I'm working on multi-class classification in python (4 classes). To obtain the results of each class separately, I used the following code:
from sklearn.metrics import confusion_matrix
cm = confusion_matrix(y_test, y_pred)
cnf_matrix = cm
FP = cnf_matrix.sum(axis=0) - np.diag(cnf_matrix)
FN = cnf_matrix.sum(axis=1) - np.diag(cnf_matrix)
TP = np.diag(cnf_matrix)
TN = cnf_matrix.sum() - (FP + FN + TP)
FP = FP.astype(float)
FN = FN.astype(float)
TP = TP.astype(float)
TN = TN.astype(float)
# Sensitivity, hit rate, recall, or true positive rate
TPR = TP/(TP+FN)
print('TPR : ',TPR)
# Specificity or true negative rate
TNR = TN/(TN+FP)
print('TNR : ',TNR)
# Precision or positive predictive value
PPV = TP/(TP+FP)
print('PPV : ',PPV)
# Fall out or false positive rate
FPR = FP/(FP+TN)
print('FPR : ',FPR)
# False negative rate
FNR = FN/(TP+FN)
print('FNR : ',FNR)
# Overall accuracy
ACC = (TP+TN)/(TP+FP+FN+TN)
print('ACC : ',ACC)
I obtained the following results:
TPR : [0.98398792 0.99999366 0.99905393 0.99999548]
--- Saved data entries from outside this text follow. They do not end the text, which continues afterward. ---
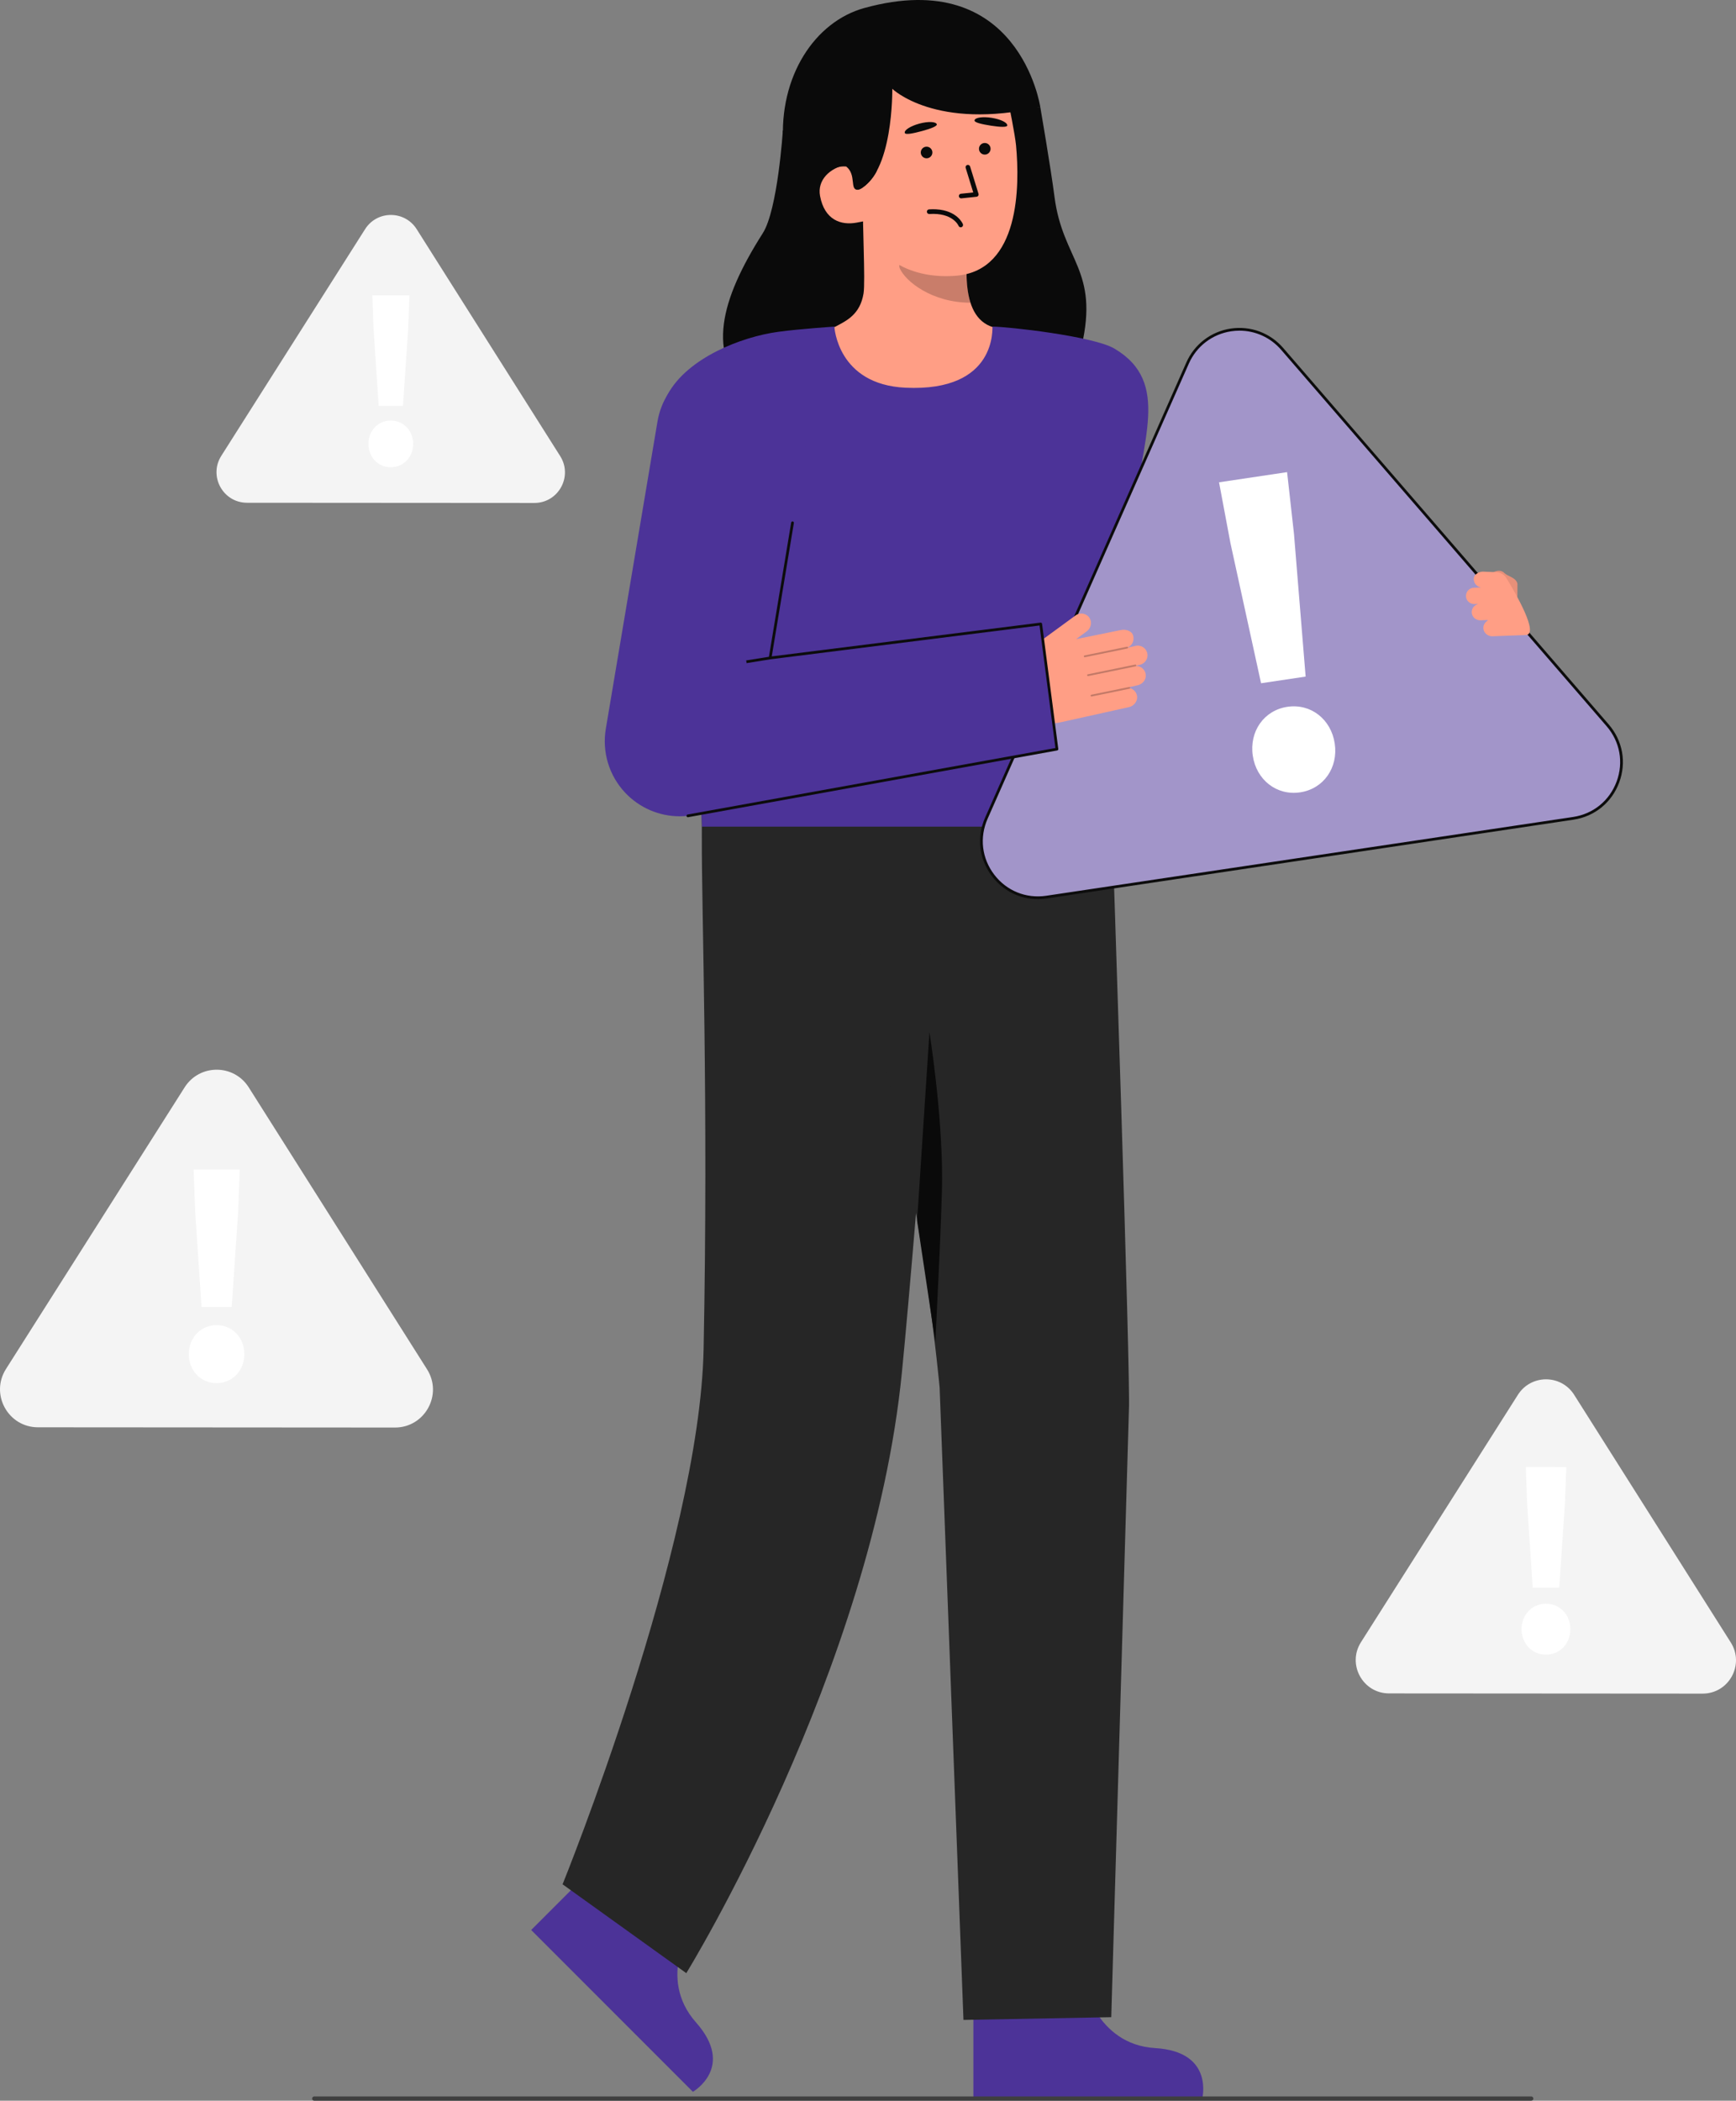 <?xml version="1.0" encoding="UTF-8"?>
<svg xmlns="http://www.w3.org/2000/svg" id="Layer_2" data-name="Layer 2" viewBox="0 0 629.75 761.641" style="width: 100%; height: 100%;">
  <rect x="0" y="0" width="629.75" height="761.641" fill="#808080" stroke="none"/>
  <g id="Layer_2-2" data-name="Layer 2">
    <g>
      <g>
        <g>
          <path d="m283.986,47.337s-1.849,28.678-7.268,37.195c-15.6,24.518-20.358,43.827-5.191,58.518,15.167,14.691,112.98,16.026,120.776-17.272,6.564-28.033-6.789-31.21-9.778-54.433-1.353-10.508-5.152-32.553-5.152-32.553" fill="#0a0a0a"></path>
          <path id="sk" d="m367.403,120.455c-.169-.022-2.043,31.069-38.162,28.359-25.005-1.873-33.921-28.403-34.494-28.403,2.696-.573,7.236-1.406,8.433-2.045,3.937-2.116,8.809-4.317,10.078-11.963.731-4.407-.509-26.953-.127-31.412l38.383,8.567c-.536,9.417-4.29,31.249,8.866,35.113,2.189.639,4.547,1.227,7.023,1.785Z" fill="#ff9e85"></path>
          <path id="sh" d="m352.053,109.748c-.544-1.735-.867-3.244-1.155-5.957-.514-4.851-.24-9.311.251-13.856-7.754-1.032-15.198-4.294-21.214-9.294-.713,2.632-4.632,14.133-3.547,16.635,2.051,4.729,11.691,12.472,25.664,12.472Z" fill="#0c0c0c" opacity=".22"></path>
          <path d="m346.965,99.962c-15.148,1.293-31.391-4.999-35.214-25.197l-6.715-18.216c-3.822-20.198,3.687-38.579,22.705-42.178h0c19.017-3.599,34.293,2.688,38.115,22.886,0,0,2.359,11.556,2.723,15.465,1.371,14.741,1.371,45.278-21.614,47.24Z" fill="#ff9e85"></path>
          <path id="e1_eb" d="m365.403,45.51c-.07.655-2.536.587-5.818.071-3.282-.516-6.188-1.128-6.066-1.939.153-1.025,2.952-1.436,6.233-.919,3.282.516,5.76,1.758,5.65,2.788Z" fill="#0a0a0a"></path>
          <path d="m289.823,62.901l21.412,5.907c12.911-5.224,12.451-36.608,12.451-36.608,0,0,15.682,15.285,53.687,6.592,0,0-7.62-51.317-63.766-35.906-18.104,4.969-31.097,24.897-29.479,49.28,1.134,17.087,5.695,10.734,5.695,10.734Z" fill="#0a0a0a"></path>
          <path d="m310.831,80.704c-5.779,1.094-11.73-.96-13.353-9.664-1.078-5.782,3.613-10.171,9.392-11.265l3.711,3.309,5.219,16.679-4.969.94Z" fill="#ff9e85"></path>
          <g>
            <circle id="e1_eye" cx="357.236" cy="53.945" r="2.105" fill="#0a0a0a"></circle>
            <g id="e1_n">
              <path d="m348.676,71.92c-.426,0-.791-.322-.836-.755-.049-.463.287-.877.75-.925l4.46-.466-2.745-8.908c-.137-.444.113-.916.558-1.053.444-.137.915.112,1.053.557l3.046,9.887c.074.241.036.502-.103.712s-.364.347-.615.373l-5.479.573c-.03.003-.059.005-.088.005Z" fill="#0a0a0a"></path>
            </g>
            <g id="e1_m">
              <path d="m339.568,75.892c7.622.415,9.639,5.145,9.729,5.366.175.431-.032.922-.463,1.097-.428.175-.917-.03-1.095-.458-.085-.201-2.165-4.851-10.607-4.306-.474.032-.865-.322-.895-.786-.03-.464.322-.865.786-.895.911-.059,1.758-.062,2.545-.019Z" fill="#0a0a0a"></path>
            </g>
            <path id="e1_eb-2" data-name="e1_eb" d="m339.833,45.069c.202.627-2.08,1.565-5.289,2.425s-6.113,1.48-6.331.689c-.276-.999,2.115-2.51,5.324-3.37,3.209-.86,5.978-.731,6.296.256Z" fill="#0a0a0a"></path>
            <circle id="e1_eye-2" data-name="e1_eye" cx="336.124" cy="55.287" r="2.105" fill="#0a0a0a"></circle>
          </g>
          <path d="m299.07,55.779l-.264,8.032c1.525-1.834,3.728-3.11,6.285-3.414.635-.084,1.267-.076,1.883-.024,3.84,3.043,1.112,8.6,4.26,8.435,1.788-.094,5.865-4.315,6.842-6.933.62-1.66-3.848-8.029-3.826-9.801" fill="#0a0a0a"></path>
        </g>
        <g>
          <path d="m251.269,697.422s-13.232,19.558,1.205,35.822c14.437,16.264-1.121,25.165-1.121,25.165l-58.662-58.662,29.308-29.308,29.269,26.983Z" fill="#4c3398"></path>
          <path d="m254.388,295.127s.26-6.97.205,8.841c-.091,26.256,2.407,95.639.651,185.064-1.403,71.483-51.164,194.148-51.164,194.148l44.88,32.213s67.51-109.499,78.224-217.898c5.484-55.487,16.704-204.764,16.704-204.764l-89.501,2.396Z" fill="#262626"></path>
          <path d="m392.877,718.085s4.473,23.186,26.182,24.479c21.709,1.292,17.001,18.587,17.001,18.587h-82.96v-41.448s39.776-1.617,39.776-1.617Z" fill="#4c3398"></path>
          <path d="m403.421,299.707s6.81,201.563,6.102,211.414l-6.403,220.235-53.613.991-8.645-229.191s-5.667-63.222-20.942-121.928c-7.838-30.123-12.496-60.985-14.037-92.073h0s97.538,10.552,97.538,10.552Z" fill="#262626"></path>
          <path d="m332.694,442.615l4.471-68.367s4.592,28.422,4.592,52.92c0,11.974-2.466,59.384-2.466,59.384l-6.596-43.937Z" fill="#0a0a0a"></path>
          <path d="m253.796,295.121l-.178.01s.129-3.438.178-.01Z" fill="#333"></path>
        </g>
        <path d="m254.02,295.121l-.178.01s.129-3.438.178-.01Z" fill="#333"></path>
        <g>
          <path d="m411.32,187.826c-1.124,13.208-6.593,95.612-7.674,111.88h-148.973c-.841-14.673-4.62-78.835-7.812-107.529-3.046-27.381-9.023-41.089-4.642-49.184,7.159-13.23,26.721-20.875,40.059-22.681,8.145-1.102,20.396-1.893,20.396-1.893,0,0,1.037,20.983,25.771,22.151,33.669,1.588,31.421-22.151,31.588-22.151,5.454,0,36.614,3.453,44.237,7.971,20.773,12.301,9.436,33.444,7.05,61.435Z" fill="#4c3398"></path>
          <g>
            <path d="m524.551,211.975c.72-1.984,2.959-2.977,4.927-2.144,1.846.781,2.644,2.982,1.96,4.866l-1.705,4.699,10.71-10.921c1.331-1.398,3.859-2.262,5.328-.665,1.273,1.212,4.215,1.586,4.693,3.857.016.012-.014,20.803-1.248,22.1h0c-5.238,5.501-17.901,6.565-24.965,3.772l-11.118-4.396,11.418-21.168Z" fill="#ff9e85"></path>
            <g fill="none" opacity=".1">
              <path d="m524.551,211.975c.72-1.984,2.959-2.977,4.927-2.144,1.846.781,2.644,2.982,1.96,4.866l-1.705,4.699,10.71-10.921c1.331-1.398,3.859-2.262,5.328-.665,1.273,1.212,4.215,1.586,4.693,3.857.016.012-.014,20.803-1.248,22.1h0c-5.238,5.501-17.901,6.565-24.965,3.772l-11.118-4.396,11.418-21.168Z" fill="#0c0c0c"></path>
            </g>
          </g>
          <g>
            <path d="m570.693,296.7l-191.073,28.559c-16.006,2.392-28.358-13.811-21.811-28.611l73.004-165.032c6.093-13.773,24.449-16.517,34.303-5.127l118.069,136.473c10.588,12.239,3.514,31.346-12.492,33.738Z" fill="#4c3398"></path>
            <path d="m570.693,296.7l-191.073,28.559c-16.006,2.392-28.358-13.811-21.811-28.611l73.004-165.032c6.093-13.773,24.449-16.517,34.303-5.127l118.069,136.473c10.588,12.239,3.514,31.346-12.492,33.738Z" fill="#fff" opacity=".48"></path>
            <path d="m376.469,325.995c-6.508,0-12.555-2.971-16.61-8.292-4.72-6.191-5.657-14.138-2.508-21.257l73.005-165.031c2.931-6.626,8.959-11.222,16.125-12.293,7.165-1.067,14.273,1.562,19.013,7.04l118.069,136.473c5.094,5.889,6.521,13.763,3.817,21.063s-8.914,12.346-16.613,13.496l-191.073,28.56c-1.083.162-2.16.241-3.225.241Zm73.161-206.107c-.995,0-1.997.073-3.002.224-6.825,1.021-12.566,5.397-15.358,11.708l-73.005,165.031c-2.999,6.781-2.106,14.35,2.389,20.246,4.495,5.897,11.557,8.76,18.892,7.669l191.073-28.56c7.334-1.096,13.249-5.901,15.824-12.854,2.574-6.954,1.216-14.454-3.636-20.062l-118.069-136.473c-3.851-4.45-9.342-6.929-15.107-6.929Z" fill="#0c0c0c"></path>
            <path d="m446.373,197.002l-4.155-22.135,24.687-3.689,2.498,22.382,4.227,51.745-16.167,2.416-11.089-50.719Zm8.087,77.021c-1.312-8.772,4.006-16.481,12.542-17.758,8.537-1.275,15.877,4.542,17.188,13.314,1.303,8.714-4.015,16.422-12.552,17.697-8.536,1.276-15.875-4.54-17.178-13.254Z" fill="#fff"></path>
          </g>
          <path d="m538.175,228.296c-.335-1.552.51-2.711,1.541-3.321-.032-.042-.14-.123-.064-.175l-2.528.093c-1.528.056-2.965-.971-3.207-2.48-.251-1.566.736-2.967,2.157-3.351-.022-.02-.024-.054-.038-.08l-1.039.038c-1.437.053-2.79-.87-3.113-2.272-.434-1.886.95-3.6,2.783-3.667l2.397-.089c-.003-.013-.015-.02-.016-.033-.002-.017.014-.029.015-.045-1.335-.251-2.369-1.393-2.422-2.808-.179-1.734,1.686-2.795,3.236-2.852l4.896.199c1.535.062,2.934.89,3.733,2.202,3.401,5.59,11.937,20.402,6.99,20.585l-12.177.45c-1.405.052-2.849-1.019-3.145-2.394Z" fill="#ff9e85"></path>
          <g>
            <path d="m412.51,252.672c-.108-1.579-1.193-2.77-2.558-3.161.025-.058.049-.119.036-.186-.026-.117-.116-.185-.219-.222l2.928-.65c1.77-.393,3.111-2.002,2.937-3.806-.18-1.871-1.733-3.183-3.478-3.199.019-.029.011-.069.02-.103l1.203-.267c1.665-.37,2.941-1.834,2.891-3.539-.067-2.294-2.168-3.845-4.292-3.374l-2.776.616c0-.015.011-.027.008-.043-.002-.02-.025-.029-.031-.047,1.457-.688,2.301-2.308,1.937-3.946-.314-2.043-2.771-2.702-4.567-2.304l-16.202,3.301,3.844-2.81c1.541-1.127,2.079-3.291,1.034-4.889-1.114-1.704-3.413-2.108-5.035-.921l-20.988,15.345c-5.119,3.743-6.332,10.879-2.737,16.103h0c4.103,5.961,11.412,8.836,18.476,7.268l24.677-5.477c1.628-.361,3.005-2.025,2.892-3.689Z" fill="#ff9e85"></path>
            <g fill="none" opacity=".25">
              <path d="m393.169,238.036c.04.172.209.282.383.246l15.404-3.159c.176-.036.289-.208.253-.384-.021-.168-.208-.29-.384-.253l-15.404,3.159c-.176.036-.289.208-.253.384l.002.007Z" fill="#0c0c0c"></path>
            </g>
            <g fill="none" opacity=".25">
              <path d="m394.375,244.868c.04.172.209.282.383.246l17.191-3.525c.176-.036.289-.208.253-.384-.034-.161-.208-.289-.384-.253l-17.191,3.525c-.176.036-.289.208-.253.384l.002.007Z" fill="#0c0c0c"></path>
            </g>
            <g fill="none" opacity=".25">
              <path d="m395.639,252.275c.04.172.209.282.383.246l13.713-2.812c.176-.036.289-.208.253-.384-.04-.177-.208-.289-.384-.253l-13.713,2.812c-.176.036-.289.208-.253.384l.002.007Z" fill="#0c0c0c"></path>
            </g>
          </g>
          <path id="b_4_b" d="m383.415,271.605l-133.887,24.195c-.984.107-1.967.159-2.945.159-7.444,0-14.615-3.058-19.783-8.535-5.846-6.198-8.451-14.776-7.038-23.178l18.744-111.411c2.493-14.813,16.519-24.799,31.335-22.31,14.813,2.492,24.802,16.522,22.31,31.335l-12.781,76.695,98.159-12.328,5.886,45.376Z" fill="#4c3398"></path>
          <g id="b_4_b-2" data-name="b_4_b">
            <path d="m249.527,296.295c-.235,0-.443-.167-.487-.407-.048-.269.131-.527.4-.576l133.424-24.111-5.762-44.419-97.67,12.266c-.162.019-.311-.035-.419-.148s-.158-.27-.132-.425l8.125-49.017c.045-.269.297-.459.57-.407.27.045.452.3.407.57l-8.016,48.361,97.5-12.244c.265-.033.518.157.553.428l5.886,45.376c.034.262-.143.504-.403.551l-133.887,24.196c-.03.005-.059.008-.089.008Z" fill="#0c0c0c"></path>
          </g>
          <rect x="270.703" y="238.752" width="8.722" height=".992" transform="translate(-34.359 46.486) rotate(-9.095)" fill="#0c0c0c"></rect>
        </g>
      </g>
      <path d="m555.467,761.641H113.998c-.426,0-.773-.346-.773-.773s.346-.773.773-.773h441.469c.427,0,.773.346.773.773s-.346.773-.773.773Z" fill="#3f3f3f"></path>
      <g>
        <path d="m143.273,517.573l-129.498-.087c-10.848-.007-17.423-11.977-11.61-21.136l64.818-102.127c5.41-8.523,17.85-8.515,23.248.016l64.68,102.215c5.801,9.167-.791,21.128-11.638,21.121Z" fill="#f4f4f4"></path>
        <path d="m68.488,490.976c.004-5.946,4.296-10.526,10.082-10.522,5.785.004,10.071,4.59,10.067,10.536-.004,5.905-4.296,10.485-10.081,10.481-5.786-.004-10.072-4.59-10.068-10.495Zm2.306-51.86l-.551-15.085,16.73.012-.571,15.084-2.349,34.722-10.958-.008-2.302-34.725Z" fill="#fff"></path>
      </g>
      <g>
        <path d="m193.843,182.354l-104.223-.07c-8.73-.006-14.022-9.64-9.344-17.011l52.167-82.194c4.354-6.86,14.366-6.853,18.711.013l52.056,82.264c4.668,7.377-.636,17.004-9.367,16.998Z" fill="#f4f4f4"></path>
        <path d="m133.657,160.951c.003-4.784,3.457-8.47,8.113-8.467s8.104,3.694,8.102,8.479c-.003,4.753-3.457,8.438-8.113,8.436s-8.104-3.694-8.102-8.447Zm1.855-41.731l-.444-12.141,13.464.01-.459,12.139-1.89,27.941-8.818-.006-1.853-27.943Z" fill="#fff"></path>
      </g>
      <g>
        <path d="m617.636,614.046l-113.739-.077c-9.528-.006-15.303-10.52-10.197-18.564l56.93-89.699c4.751-7.486,15.678-7.479,20.419.014l56.809,89.776c5.095,8.051-.694,18.557-10.222,18.55Z" fill="#f4f4f4"></path>
        <path d="m551.958,590.69c.003-5.222,3.772-9.244,8.854-9.24,5.081.003,8.845,4.03,8.842,9.252-.004,5.188-3.773,9.209-8.854,9.206-5.081-.004-8.845-4.03-8.841-9.218Zm2.024-45.545l-.484-13.248,14.693.01-.502,13.247-2.062,30.494-9.623-.007-2.021-30.496Z" fill="#fff"></path>
      </g>
    </g>
  </g>
</svg>

TNR : [0.99999211 0.99997989 1. 0.99773928]
PPV : [0.99988488 0.99996832 1. 0.99810887]
FPR : [7.89469529e-06 2.01061605e-05 0.00000000e+00 2.26072224e-03]
FNR : [1.60120846e-02 6.33705530e-06 9.46073794e-04 4.52196090e-06]
ACC : [0.99894952 0.99998524 0.99999754 0.99896674]
Now, I want to calculate the average value of each metrics ?! Should I just add the four values to each others, after that divide the results on 4 ? for example, for the accuracy (ACC) : (0.99894952 + 0.99998524 + 0.99999754 + 0.99896674)/4 ?!! Or What should I do exactly ? Help please.